Which is why the UK’s AEV bill shifts liability to the vehicle, not the manufacturer.
David explained; “The AEV bill in the UK makes clear when liability will move from ‘The Driver’, and that is only when you are talking about level 4 or 5 vehicles. From that point the liability transfers to The Vehicle, but an RTA (Road Traffic Act) compliant insurance policy is still required, and the insurer deals with the claim in the first instance.
“Many people thought liability would simply transfer to the manufacturer, but its not that simple, and the AEV bill makes sure there are no gaps.”
This is an important point. Because the AEV bill will impose strict obligations on the insurer to payout in the event of an incident involving the insured vehicle, regardless of fault. Then the insurer can pursue recovery as secondary action.
AUTONOMOUS VEHICLE IMPACT No 3: Your claims history and driving behavior will become irrelevant
As liability shifts to the vehicle, the way that the auto insurance policy is priced will fundamentally change. Risk profiling based on a driver’s age and claims history will no longer be the basis for premium pricing. Instead, risk rating is going to reflect variables such as software levels in the same way that they adjust for no-claims history today.
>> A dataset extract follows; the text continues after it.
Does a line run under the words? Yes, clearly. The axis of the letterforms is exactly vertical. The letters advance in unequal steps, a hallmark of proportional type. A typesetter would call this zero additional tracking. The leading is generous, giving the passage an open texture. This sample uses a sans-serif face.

|It’s going to be a challenge for insurers to keep pace with changes to vehicles|
David explained, “Insurers are going to have to develop a whole new set of skills and expertise in-house that fully understand the intricate details of every motor vehicle. This is not just a mechanical requirement but a technology one too. It’s going to be a challenge for insurers to keep pace with changes to vehicles that are regularly being updated and changed within the term of a policy.”
Of course, this does also raise a question about the telematics segment of InsurTech. If the driver is no longer relevant, then neither is driver behavior. It’s going to be a long time before telematics based insurance becomes redundant, but redundant it will be.
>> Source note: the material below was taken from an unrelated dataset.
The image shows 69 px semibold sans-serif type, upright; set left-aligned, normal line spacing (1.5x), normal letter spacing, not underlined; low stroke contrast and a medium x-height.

AUTONOMOUS VEHICLE IMPACT No 4: Manufacturers eliminate the need for insurance all together
This is the long shot of the 4. Here goes!
Motor manufacturers understand customer service. They do anything to encourage you into a showroom and love it when you take your car for a service at a main dealer. Courtesy cars, coffee on arrival, they clean your car and will even deliver it back to you.
There is no equivalent in insurance!
So, imagine the motor manufacturer bundling in a whole manner of services with your brand new vehicle. Including forms of cover that your auto insurance policy provides you today. This makes perfect sense given that car manufacturers really do know the meaning of brand loyalty built on trust and customer service. And they have the infrastructure and balance sheet to do it.
For over a year now, Tesla have been talking about offering a single price for the car.
I asked David for his perspective on this notion of manufacturer’s eliminating the need for auto insurance. “I’m not so sure, Rick. The service bundle argument is a valid approach in theory. But despite all the manufacturers having financial services arms and being in prime position, they sell a very small proportion of motor insurance.
“As for Tesla’s talk about bundling in insurance, this is mainly because their customers are struggling to get insurance at a reasonable price. I know of several UK insurers that have refused to insure them.”
You can read more of my thinking on this one in this article I wrote a few month’s back.
Do Autonomous Vehicles mean the end for auto insurance?
I’ve seen reports calling this the beginning of the end for auto insurance. I don’t see it that way. It’s definitely going to change, but it will still exist. From the fundamental shift of liability from The Driver to The Vehicle. From the way risk is profiled, rated and priced to the substitution of cover from one insurance line to another.
The auto manufacturers say that they will take on liability but have yet to put their money where their mouth is. Who knows, maybe they will follow through with the promise and we’ll see a shift to commercial cover. Or they might develop a hybrid model by self-insuring off their own balance sheets and buying wholesale off the reinsurers.
But that isn’t likely to be a significant segment of the new world order for auto insurance, IMHO. There will still be auto insurance; it will just be in a very different form.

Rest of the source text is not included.